Stored data:
####################

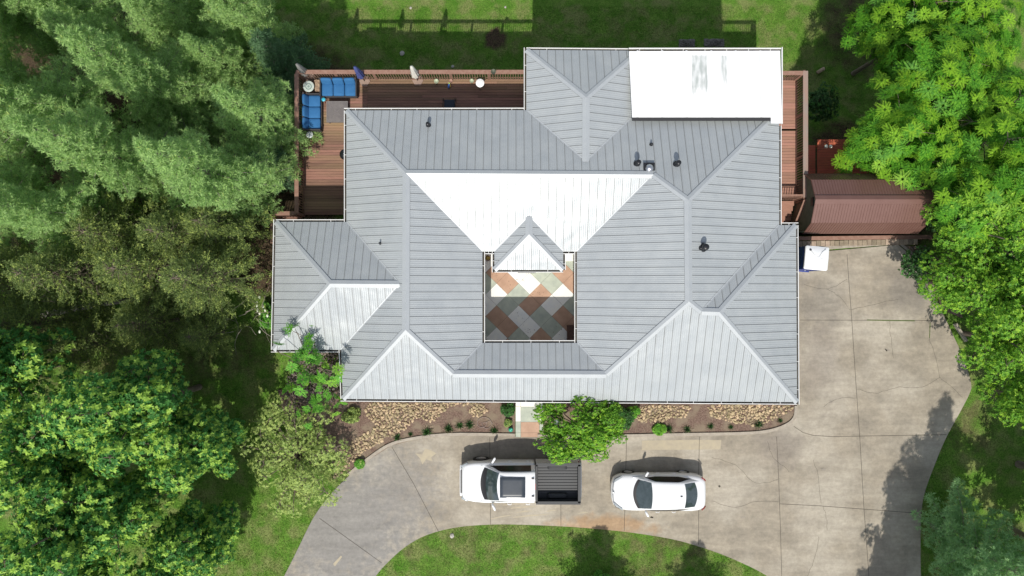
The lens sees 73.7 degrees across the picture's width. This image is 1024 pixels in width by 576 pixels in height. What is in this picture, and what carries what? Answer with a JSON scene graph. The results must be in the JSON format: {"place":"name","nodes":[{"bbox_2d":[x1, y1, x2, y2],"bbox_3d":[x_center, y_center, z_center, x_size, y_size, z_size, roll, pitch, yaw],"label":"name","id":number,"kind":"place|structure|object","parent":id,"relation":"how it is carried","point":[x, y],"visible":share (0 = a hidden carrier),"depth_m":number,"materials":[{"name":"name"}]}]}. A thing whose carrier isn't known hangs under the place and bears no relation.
{"place":"outdoors","nodes":[
{"label":"outdoors","id":0,"kind":"place"},
{"bbox_2d":[0,0,1023,575],"bbox_3d":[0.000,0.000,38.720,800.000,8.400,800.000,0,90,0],"label":"lawn","id":1,"kind":"structure","parent":0,"point":[982,450],"depth_m":34.52,"materials":[{"name":"green plant"}]},
{"bbox_2d":[0,139,23,181],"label":"pine tree","id":2,"kind":"object","parent":1,"relation":"on","point":[8,155],"visible":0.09,"depth_m":33.09,"materials":[{"name":"green plant"}]},
{"bbox_2d":[0,40,67,142],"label":"pine tree","id":3,"kind":"object","parent":1,"relation":"on","point":[16,73],"visible":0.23,"depth_m":36.14,"materials":[{"name":"green plant"}]},
{"bbox_2d":[0,231,71,331],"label":"cedar tree","id":4,"kind":"object","parent":1,"relation":"on","point":[5,253],"visible":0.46,"depth_m":30.31,"materials":[{"name":"green plant"}]},
{"bbox_2d":[0,145,72,250],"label":"pine tree","id":5,"kind":"object","parent":1,"relation":"on","point":[27,178],"visible":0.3,"depth_m":30.59,"materials":[{"name":"green plant"}]},
{"bbox_2d":[0,0,77,65],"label":"pine tree","id":6,"kind":"object","parent":1,"relation":"on","point":[11,24],"visible":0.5,"depth_m":37.19,"materials":[{"name":"green plant"}]},
{"bbox_2d":[0,321,88,426],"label":"sweetgum tree","id":7,"kind":"object","parent":1,"relation":"on","point":[21,359],"visible":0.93,"depth_m":28.04,"materials":[{"name":"green plant"}]},
{"bbox_2d":[0,278,105,363],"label":"cedar tree","id":8,"kind":"object","parent":1,"relation":"on","point":[9,316],"visible":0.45,"depth_m":30.18,"materials":[{"name":"green plant"}]},
{"bbox_2d":[0,507,127,575],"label":"sweetgum tree","id":9,"kind":"object","parent":1,"relation":"on","point":[85,569],"visible":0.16,"depth_m":28.00,"materials":[{"name":"green plant"}]},
{"bbox_2d":[0,54,132,185],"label":"pine tree","id":10,"kind":"object","parent":1,"relation":"on","point":[49,99],"visible":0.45,"depth_m":31.23,"materials":[{"name":"green plant"}]},
{"bbox_2d":[0,225,132,339],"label":"cedar tree","id":11,"kind":"object","parent":1,"relation":"on","point":[35,273],"visible":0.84,"depth_m":29.20,"materials":[{"name":"green plant"}]},
{"bbox_2d":[0,405,133,517],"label":"sweetgum tree","id":12,"kind":"object","parent":1,"relation":"on","point":[38,457],"visible":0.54,"depth_m":26.57,"materials":[{"name":"green plant"}]},
{"bbox_2d":[1,0,132,71],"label":"pine tree","id":13,"kind":"object","parent":1,"relation":"on","point":[72,7],"visible":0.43,"depth_m":36.47,"materials":[{"name":"green plant"}]},
{"bbox_2d":[0,161,152,266],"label":"pine tree","id":14,"kind":"object","parent":1,"relation":"on","point":[71,198],"visible":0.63,"depth_m":28.63,"materials":[{"name":"green plant"}]},
{"bbox_2d":[37,301,130,377],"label":"cedar tree","id":15,"kind":"object","parent":1,"relation":"on","point":[74,355],"visible":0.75,"depth_m":31.13,"materials":[{"name":"green plant"}]},
{"bbox_2d":[0,453,177,575],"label":"sweetgum tree","id":16,"kind":"object","parent":1,"relation":"on","point":[103,515],"visible":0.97,"depth_m":26.62,"materials":[{"name":"green plant"}]},
{"bbox_2d":[36,5,159,97],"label":"pine tree","id":17,"kind":"object","parent":1,"relation":"on","point":[49,18],"visible":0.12,"depth_m":34.26,"materials":[{"name":"green plant"}]},
{"bbox_2d":[3,99,206,223],"bbox_3d":[-17.273,-5.851,29.692,5.277,12.170,5.943,41,90,0],"label":"pine tree","id":18,"kind":"object","parent":1,"relation":"on","point":[109,158],"visible":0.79,"depth_m":28.14,"materials":[{"name":"green plant"}]},
{"bbox_2d":[28,346,209,478],"bbox_3d":[-15.808,5.183,28.974,5.279,11.153,4.912,-23,90,0],"label":"sweetgum tree","id":19,"kind":"object","parent":1,"relation":"on","point":[132,415],"visible":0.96,"depth_m":26.47,"materials":[{"name":"green plant"}]},
{"bbox_2d":[61,185,179,291],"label":"cedar tree","id":20,"kind":"object","parent":1,"relation":"on","point":[100,230],"visible":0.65,"depth_m":29.70,"materials":[{"name":"green plant"}]},
{"bbox_2d":[104,287,192,360],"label":"cedar tree","id":21,"kind":"object","parent":1,"relation":"on","point":[130,333],"visible":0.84,"depth_m":31.15,"materials":[{"name":"green plant"}]},
{"bbox_2d":[52,22,248,149],"bbox_3d":[-17.238,-9.541,32.823,5.460,13.699,6.263,-14,90,0],"label":"pine tree","id":22,"kind":"object","parent":1,"relation":"on","point":[162,82],"visible":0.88,"depth_m":32.36,"materials":[{"name":"green plant"}]},
{"bbox_2d":[122,560,186,575],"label":"sweetgum tree","id":23,"kind":"object","parent":1,"relation":"on","point":[137,567],"visible":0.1,"depth_m":28.94,"materials":[{"name":"green plant"}]},
{"bbox_2d":[42,284,270,357],"bbox_3d":[-17.331,1.834,33.399,12.335,1.922,3.459,-4,90,0],"label":"fallen tree","id":24,"kind":"object","parent":1,"relation":"on","point":[120,300],"visible":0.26,"depth_m":33.55,"materials":[{"name":"brown wood"}]},
{"bbox_2d":[91,217,229,325],"bbox_3d":[-16.256,-0.685,30.939,5.900,7.222,5.710,-25,90,0],"label":"cedar tree","id":25,"kind":"object","parent":1,"relation":"on","point":[119,267],"visible":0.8,"depth_m":29.43,"materials":[{"name":"green plant"}]},
{"bbox_2d":[114,0,225,79],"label":"pine tree","id":26,"kind":"object","parent":1,"relation":"on","point":[155,21],"visible":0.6,"depth_m":36.02,"materials":[{"name":"green plant"}]},
{"bbox_2d":[132,191,235,270],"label":"cedar tree","id":27,"kind":"object","parent":1,"relation":"on","point":[162,231],"visible":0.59,"depth_m":29.55,"materials":[{"name":"green plant"}]},
{"bbox_2d":[132,498,240,575],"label":"sweetgum tree","id":28,"kind":"object","parent":1,"relation":"on","point":[179,546],"visible":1,"depth_m":29.05,"materials":[{"name":"green plant"}]},
{"bbox_2d":[145,403,249,494],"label":"sweetgum tree","id":29,"kind":"object","parent":1,"relation":"on","point":[188,455],"visible":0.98,"depth_m":28.52,"materials":[{"name":"green plant"}]},
{"bbox_2d":[175,304,247,365],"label":"cedar tree","id":30,"kind":"object","parent":1,"relation":"on","point":[196,334],"visible":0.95,"depth_m":32.12,"materials":[{"name":"green plant"}]},
{"bbox_2d":[155,229,271,336],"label":"cedar tree","id":31,"kind":"object","parent":1,"relation":"on","point":[178,276],"visible":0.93,"depth_m":30.06,"materials":[{"name":"green plant"}]},
{"bbox_2d":[132,126,298,242],"bbox_3d":[-12.890,-4.802,29.250,5.118,11.805,5.765,16,90,0],"label":"pine tree","id":32,"kind":"object","parent":1,"relation":"on","point":[193,164],"visible":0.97,"depth_m":28.47,"materials":[{"name":"green plant"}]},
{"bbox_2d":[177,185,275,274],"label":"cedar tree","id":33,"kind":"object","parent":1,"relation":"on","point":[204,226],"visible":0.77,"depth_m":30.66,"materials":[{"name":"green plant"}]},
{"bbox_2d":[178,30,281,105],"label":"pine tree","id":34,"kind":"object","parent":1,"relation":"on","point":[227,63],"visible":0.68,"depth_m":34.88,"materials":[{"name":"green plant"}]},
{"bbox_2d":[198,0,311,82],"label":"pine tree","id":35,"kind":"object","parent":1,"relation":"on","point":[240,18],"visible":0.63,"depth_m":35.38,"materials":[{"name":"green plant"}]},
{"bbox_2d":[256,295,271,332],"bbox_3d":[-12.167,1.299,34.020,1.029,0.900,1.890,0,90,0],"label":"hydrangea","id":36,"kind":"object","parent":1,"relation":"on","point":[267,317],"visible":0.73,"depth_m":33.88,"materials":[{"name":"green plant"}]},
{"bbox_2d":[208,67,323,181],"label":"pine tree","id":37,"kind":"object","parent":1,"relation":"on","point":[258,113],"visible":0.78,"depth_m":31.25,"materials":[{"name":"green plant"}]},
{"bbox_2d":[248,147,302,193],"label":"pine tree","id":38,"kind":"object","parent":1,"relation":"on","point":[287,180],"visible":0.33,"depth_m":33.35,"materials":[{"name":"green plant"}]},
{"bbox_2d":[268,76,301,116],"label":"pine tree","id":39,"kind":"object","parent":1,"relation":"on","point":[291,91],"visible":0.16,"depth_m":36.42,"materials":[{"name":"green plant"}]},
{"bbox_2d":[246,26,331,90],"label":"pine tree","id":40,"kind":"object","parent":1,"relation":"on","point":[279,53],"visible":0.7,"depth_m":36.50,"materials":[{"name":"green plant"}]},
{"bbox_2d":[235,395,351,519],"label":"olive shrub tree","id":41,"kind":"object","parent":1,"relation":"on","point":[302,474],"visible":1,"depth_m":32.47,"materials":[{"name":"green plant"}]},
{"bbox_2d":[272,323,344,396],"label":"young walnut tree","id":42,"kind":"object","parent":1,"relation":"on","point":[312,358],"visible":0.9,"depth_m":30.32,"materials":[{"name":"green plant"}]},
{"bbox_2d":[296,359,346,429],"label":"young walnut tree","id":43,"kind":"object","parent":1,"relation":"on","point":[318,408],"visible":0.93,"depth_m":31.54,"materials":[{"name":"green plant"}]},
{"bbox_2d":[270,70,523,242],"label":"wooden deck","id":44,"kind":"structure","parent":1,"relation":"on","point":[322,180],"depth_m":34.50,"materials":[{"name":"brown wood"}]},
{"bbox_2d":[295,63,313,81],"bbox_3d":[-10.242,-10.646,33.440,0.560,2.119,0.485,0,90,0],"label":"folded umbrella","id":45,"kind":"object","parent":44,"relation":"on","point":[301,69],"visible":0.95,"depth_m":33.37,"materials":[{"name":"black fabric"}]},
{"bbox_2d":[303,81,314,92],"bbox_3d":[-10.098,-10.005,34.187,0.550,0.620,0.550,0,90,0],"label":"side table","id":46,"kind":"object","parent":44,"relation":"on","point":[308,86],"visible":0.98,"depth_m":33.88,"materials":[{"name":"grey tile"}]},
{"bbox_2d":[302,92,322,131],"bbox_3d":[-9.964,-8.765,34.105,0.860,0.789,1.840,0,90,0],"label":"sofa","id":47,"kind":"object","parent":44,"relation":"on","point":[312,111],"visible":1,"depth_m":34.05,"materials":[{"name":"fabric"}]},
{"bbox_2d":[314,79,319,92],"bbox_3d":[-9.695,-10.094,34.174,0.340,0.643,0.660,0,90,0],"label":"side table","id":48,"kind":"object","parent":44,"relation":"on","point":[317,85],"visible":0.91,"depth_m":33.99,"materials":[{"name":"brown wood"}]},
{"bbox_2d":[326,101,348,122],"bbox_3d":[-8.733,-8.800,34.289,1.060,0.412,1.060,0,90,0],"label":"coffee table","id":49,"kind":"object","parent":44,"relation":"on","point":[334,111],"visible":0.84,"depth_m":34.08,"materials":[{"name":"black"}]},
{"bbox_2d":[319,77,358,97],"bbox_3d":[-8.645,-9.990,34.105,1.840,0.789,0.860,0,90,0],"label":"sofa","id":50,"kind":"object","parent":44,"relation":"on","point":[339,87],"visible":1,"depth_m":34.05,"materials":[{"name":"fabric"}]},
{"bbox_2d":[353,66,369,85],"bbox_3d":[-7.439,-10.444,33.340,0.560,2.319,0.485,0,90,0],"label":"folded umbrella","id":51,"kind":"object","parent":44,"relation":"on","point":[360,75],"visible":1,"depth_m":33.51,"materials":[{"name":"blue fabric"}]},
{"bbox_2d":[410,65,422,85],"bbox_3d":[-4.757,-10.471,33.340,0.560,2.319,0.485,0,90,0],"label":"folded umbrella","id":52,"kind":"object","parent":44,"relation":"on","point":[415,75],"visible":1,"depth_m":33.50,"materials":[{"name":"white fabric"}]},
{"bbox_2d":[443,99,455,107],"bbox_3d":[-3.126,-9.151,34.035,0.636,0.930,0.556,0,90,0],"label":"patio chair","id":53,"kind":"object","parent":44,"relation":"on","point":[449,103],"visible":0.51,"depth_m":34.06,"materials":[{"name":"black"}]},
{"bbox_2d":[271,47,798,404],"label":"house","id":54,"kind":"structure","parent":1,"relation":"on","point":[678,240],"depth_m":30.83,"materials":[{"name":"grey metal"}]},
{"bbox_2d":[628,47,782,123],"bbox_3d":[8.819,-9.215,32.748,6.975,3.604,3.496,0,90,0],"label":"porch canopy","id":55,"kind":"object","parent":54,"relation":"attached to","point":[706,84],"visible":0.98,"depth_m":31.07,"materials":[{"name":"white"}]},
{"bbox_2d":[593,569,609,575],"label":"juniper tip","id":56,"kind":"object","parent":1,"relation":"on","point":[598,572],"visible":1,"depth_m":33.98,"materials":[{"name":"green plant"}]},
{"bbox_2d":[278,245,962,471],"bbox_3d":[5.879,4.969,34.480,34.540,0.080,7.682,-13,90,0],"label":"mulch bed","id":57,"kind":"object","parent":1,"relation":"on","point":[698,418],"visible":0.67,"depth_m":34.44,"materials":[{"name":"brown soil"}]},
{"bbox_2d":[285,352,339,421],"bbox_3d":[-9.925,4.932,34.412,3.044,0.161,3.738,0,90,0],"label":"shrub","id":58,"kind":"object","parent":57,"relation":"on","point":[315,383],"visible":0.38,"depth_m":34.39,"materials":[{"name":"green plant"}]},
{"bbox_2d":[341,407,360,423],"bbox_3d":[-8.065,6.381,34.161,1.000,0.618,0.877,0,90,0],"label":"dark shrub","id":59,"kind":"object","parent":57,"relation":"on","point":[351,415],"visible":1,"depth_m":34.06,"materials":[{"name":"green plant"}]},
{"bbox_2d":[354,459,364,469],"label":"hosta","id":60,"kind":"object","parent":57,"relation":"on","point":[359,464],"visible":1,"depth_m":34.19,"materials":[{"name":"green plant"}]},
{"bbox_2d":[333,402,488,478],"bbox_3d":[-5.607,6.662,34.405,8.538,0.187,2.849,-23,90,0],"label":"river rock","id":61,"kind":"object","parent":57,"relation":"on","point":[382,426],"visible":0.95,"depth_m":34.39,"materials":[{"name":"beige stone"}]},
{"bbox_2d":[420,425,434,437],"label":"grass tuft","id":62,"kind":"object","parent":57,"relation":"on","point":[427,431],"visible":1,"depth_m":34.38,"materials":[{"name":"green plant"}]},
{"bbox_2d":[443,423,454,433],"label":"grass tuft","id":63,"kind":"object","parent":57,"relation":"on","point":[449,429],"visible":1,"depth_m":34.37,"materials":[{"name":"green plant"}]},
{"bbox_2d":[463,417,476,431],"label":"grass tuft","id":64,"kind":"object","parent":57,"relation":"on","point":[469,426],"visible":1,"depth_m":34.39,"materials":[{"name":"green plant"}]},
{"bbox_2d":[500,403,515,416],"bbox_3d":[-0.197,6.090,34.154,0.811,0.633,0.765,-21,90,0],"label":"dark shrub","id":65,"kind":"object","parent":57,"relation":"on","point":[508,409],"visible":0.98,"depth_m":34.01,"materials":[{"name":"green plant"}]},
{"bbox_2d":[504,418,511,426],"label":"dark shrub","id":66,"kind":"object","parent":57,"relation":"on","point":[507,422],"visible":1,"depth_m":34.22,"materials":[{"name":"green plant"}]},
{"bbox_2d":[530,395,627,464],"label":"japanese maple","id":67,"kind":"object","parent":57,"relation":"on","point":[596,437],"visible":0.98,"depth_m":31.27,"materials":[{"name":"green plant"}]},
{"bbox_2d":[614,404,634,430],"bbox_3d":[5.414,6.376,34.097,1.494,0.746,1.239,33,90,0],"label":"dark shrub","id":68,"kind":"object","parent":57,"relation":"on","point":[627,414],"visible":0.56,"depth_m":33.86,"materials":[{"name":"green plant"}]},
{"bbox_2d":[626,406,640,417],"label":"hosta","id":69,"kind":"object","parent":57,"relation":"on","point":[636,410],"visible":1,"depth_m":33.99,"materials":[{"name":"green plant"}]},
{"bbox_2d":[652,423,666,435],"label":"hosta","id":70,"kind":"object","parent":57,"relation":"on","point":[658,428],"visible":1,"depth_m":34.20,"materials":[{"name":"green plant"}]},
{"bbox_2d":[636,404,793,426],"bbox_3d":[10.135,6.408,34.411,8.137,0.194,1.174,0,90,0],"label":"river rock","id":71,"kind":"object","parent":57,"relation":"on","point":[729,417],"visible":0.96,"depth_m":34.39,"materials":[{"name":"beige stone"}]},
{"bbox_2d":[750,417,763,430],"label":"grass tuft","id":72,"kind":"object","parent":57,"relation":"on","point":[759,425],"visible":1,"depth_m":34.36,"materials":[{"name":"green plant"}]},
{"bbox_2d":[678,39,694,47],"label":"landscape fabric","id":73,"kind":"object","parent":1,"relation":"on","point":[683,43],"visible":1,"depth_m":42.07,"materials":[{"name":"black fabric"}]},
{"bbox_2d":[704,38,724,46],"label":"landscape fabric","id":74,"kind":"object","parent":1,"relation":"on","point":[713,42],"visible":1,"depth_m":42.07,"materials":[{"name":"black fabric"}]},
{"bbox_2d":[779,70,807,222],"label":"wooden deck","id":75,"kind":"structure","parent":1,"relation":"on","point":[790,194],"depth_m":34.50,"materials":[{"name":"brown wood"}]},
{"bbox_2d":[799,81,839,121],"bbox_3d":[17.846,-10.616,39.832,2.614,2.722,2.209,-29,90,0],"label":"understory shrub","id":76,"kind":"object","parent":1,"relation":"on","point":[818,103],"visible":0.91,"depth_m":38.91,"materials":[{"name":"green plant"}]},
{"bbox_2d":[797,139,876,173],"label":"red platform","id":77,"kind":"structure","parent":1,"relation":"on","point":[824,164],"depth_m":36.25,"materials":[{"name":"red wood"}]},
{"bbox_2d":[783,173,936,233],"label":"shed","id":78,"kind":"structure","parent":1,"relation":"on","point":[852,203],"depth_m":32.51,"materials":[{"name":"brown metal"}]},
{"bbox_2d":[798,234,933,248],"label":"retaining wall","id":79,"kind":"structure","parent":1,"relation":"on","point":[855,241],"depth_m":34.40,"materials":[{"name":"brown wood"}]},
{"bbox_2d":[841,0,947,93],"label":"walnut tree","id":80,"kind":"object","parent":1,"relation":"on","point":[878,38],"visible":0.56,"depth_m":35.84,"materials":[{"name":"green plant"}]},
{"bbox_2d":[831,82,977,196],"bbox_3d":[19.083,-6.389,34.304,5.960,7.656,5.291,29,90,0],"label":"walnut tree","id":81,"kind":"object","parent":1,"relation":"on","point":[882,133],"visible":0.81,"depth_m":32.12,"materials":[{"name":"green plant"}]},
{"bbox_2d":[856,0,974,36],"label":"walnut tree","id":82,"kind":"object","parent":1,"relation":"on","point":[936,17],"visible":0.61,"depth_m":35.28,"materials":[{"name":"green plant"}]},
{"bbox_2d":[898,245,935,281],"bbox_3d":[19.598,-1.090,33.529,1.656,2.042,1.961,-4,90,0],"label":"understory shrub","id":83,"kind":"object","parent":1,"relation":"on","point":[912,261],"visible":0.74,"depth_m":32.86,"materials":[{"name":"green plant"}]},
{"bbox_2d":[863,20,1009,145],"bbox_3d":[21.380,-9.749,35.746,7.229,9.412,6.964,35,90,0],"label":"walnut tree","id":84,"kind":"object","parent":1,"relation":"on","point":[954,85],"visible":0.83,"depth_m":32.21,"materials":[{"name":"green plant"}]},
{"bbox_2d":[922,185,959,241],"bbox_3d":[20.974,-3.783,34.578,3.268,3.403,2.761,20,90,0],"label":"understory shrub","id":85,"kind":"object","parent":1,"relation":"on","point":[930,226],"visible":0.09,"depth_m":33.44,"materials":[{"name":"green plant"}]},
{"bbox_2d":[953,323,967,341],"bbox_3d":[22.601,2.240,34.400,0.130,0.160,1.050,-32,90,0],"label":"concrete sleeper","id":86,"kind":"object","parent":1,"relation":"on","point":[959,331],"visible":1,"depth_m":34.32,"materials":[{"name":"grey concrete"}]},
{"bbox_2d":[909,476,1023,575],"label":"pine tree","id":87,"kind":"object","parent":1,"relation":"on","point":[963,550],"visible":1,"depth_m":31.17,"materials":[{"name":"green plant"}]},
{"bbox_2d":[917,250,1019,315],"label":"maple tree","id":88,"kind":"object","parent":1,"relation":"on","point":[956,290],"visible":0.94,"depth_m":31.22,"materials":[{"name":"green plant"}]},
{"bbox_2d":[913,110,1023,250],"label":"walnut tree","id":89,"kind":"object","parent":1,"relation":"on","point":[1008,175],"visible":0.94,"depth_m":30.41,"materials":[{"name":"green plant"}]},
{"bbox_2d":[920,187,1023,279],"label":"maple tree","id":90,"kind":"object","parent":1,"relation":"on","point":[997,235],"visible":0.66,"depth_m":30.67,"materials":[{"name":"green plant"}]},
{"bbox_2d":[933,0,1023,79],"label":"walnut tree","id":91,"kind":"object","parent":1,"relation":"on","point":[987,24],"visible":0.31,"depth_m":35.34,"materials":[{"name":"green plant"}]},
{"bbox_2d":[944,64,1023,164],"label":"walnut tree","id":92,"kind":"object","parent":1,"relation":"on","point":[1005,98],"visible":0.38,"depth_m":33.09,"materials":[{"name":"green plant"}]},
{"bbox_2d":[955,300,1023,387],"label":"maple tree","id":93,"kind":"object","parent":1,"relation":"on","point":[1005,352],"visible":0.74,"depth_m":31.10,"materials":[{"name":"green plant"}]},
{"bbox_2d":[965,256,1023,342],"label":"maple tree","id":94,"kind":"object","parent":1,"relation":"on","point":[1011,305],"visible":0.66,"depth_m":29.76,"materials":[{"name":"green plant"}]},
{"bbox_2d":[977,361,1023,442],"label":"maple tree","id":95,"kind":"object","parent":1,"relation":"on","point":[1012,397],"visible":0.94,"depth_m":31.59,"materials":[{"name":"green plant"}]},
{"bbox_2d":[977,232,1023,274],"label":"understory shrub","id":96,"kind":"object","parent":1,"relation":"on","point":[1009,256],"visible":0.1,"depth_m":31.49,"materials":[{"name":"green plant"}]},
{"bbox_2d":[485,254,573,339],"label":"courtyard floor","id":97,"kind":"structure","parent":0,"point":[531,306],"depth_m":34.45,"materials":[{"name":"multicoloured tile"}]},
{"bbox_2d":[567,325,573,339],"bbox_3d":[2.953,2.232,34.270,0.420,0.420,0.750,0,90,0],"label":"bench","id":98,"kind":"object","parent":97,"relation":"on","point":[570,332],"visible":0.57,"depth_m":34.06,"materials":[{"name":"brown wood"}]},
{"bbox_2d":[516,403,542,436],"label":"entrance path","id":99,"kind":"structure","parent":0,"point":[527,424],"depth_m":34.43,"materials":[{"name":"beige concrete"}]},
{"bbox_2d":[284,245,970,575],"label":"driveway","id":100,"kind":"structure","parent":0,"point":[832,478],"depth_m":34.47,"materials":[{"name":"concrete"}]},
{"bbox_2d":[347,433,514,474],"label":"kerb","id":101,"kind":"structure","parent":100,"relation":"on","point":[426,436],"depth_m":34.38,"materials":[{"name":"concrete"}]},
{"bbox_2d":[460,456,581,510],"bbox_3d":[0.435,9.520,33.510,6.050,1.920,2.589,0,90,0],"label":"pickup truck","id":102,"kind":"object","parent":100,"relation":"on","point":[484,479],"visible":0.91,"depth_m":33.30,"materials":[{"name":"white paint"}]},
{"bbox_2d":[610,470,705,516],"bbox_3d":[7.255,10.100,33.742,4.650,1.455,2.208,0,90,0],"label":"parked sedan","id":103,"kind":"object","parent":100,"relation":"on","point":[681,490],"visible":1,"depth_m":33.41,"materials":[{"name":"white paint"}]},
{"bbox_2d":[537,406,797,436],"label":"kerb","id":104,"kind":"structure","parent":100,"relation":"on","point":[793,418],"depth_m":34.38,"materials":[{"name":"concrete"}]},
{"bbox_2d":[798,246,828,271],"bbox_3d":[14.421,-1.408,33.289,1.120,2.342,1.160,5,90,0],"label":"portable toilet","id":105,"kind":"object","parent":100,"relation":"on","point":[813,258],"visible":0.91,"depth_m":32.25,"materials":[{"name":"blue plastic"}]},
{"bbox_2d":[1001,526,1023,575],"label":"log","id":106,"kind":"object","parent":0,"point":[1016,531],"visible":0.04,"depth_m":33.88,"materials":[{"name":"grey wood"}]},
{"bbox_2d":[1015,461,1023,481],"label":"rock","id":107,"kind":"object","parent":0,"point":[1019,464],"visible":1,"depth_m":34.23,"materials":[{"name":"grey stone"}]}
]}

####################

**The problem**
Lines from the entries that contain the string "black" are what must be copied.

**Task solution**
{"bbox_2d":[295,63,313,81],"bbox_3d":[-10.242,-10.646,33.440,0.560,2.119,0.485,0,90,0],"label":"folded umbrella","id":45,"kind":"object","parent":44,"relation":"on","point":[301,69],"visible":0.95,"depth_m":33.37,"materials":[{"name":"black fabric"}]},
{"bbox_2d":[326,101,348,122],"bbox_3d":[-8.733,-8.800,34.289,1.060,0.412,1.060,0,90,0],"label":"coffee table","id":49,"kind":"object","parent":44,"relation":"on","point":[334,111],"visible":0.84,"depth_m":34.08,"materials":[{"name":"black"}]},
{"bbox_2d":[443,99,455,107],"bbox_3d":[-3.126,-9.151,34.035,0.636,0.930,0.556,0,90,0],"label":"patio chair","id":53,"kind":"object","parent":44,"relation":"on","point":[449,103],"visible":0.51,"depth_m":34.06,"materials":[{"name":"black"}]},
{"bbox_2d":[678,39,694,47],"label":"landscape fabric","id":73,"kind":"object","parent":1,"relation":"on","point":[683,43],"visible":1,"depth_m":42.07,"materials":[{"name":"black fabric"}]},
{"bbox_2d":[704,38,724,46],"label":"landscape fabric","id":74,"kind":"object","parent":1,"relation":"on","point":[713,42],"visible":1,"depth_m":42.07,"materials":[{"name":"black fabric"}]},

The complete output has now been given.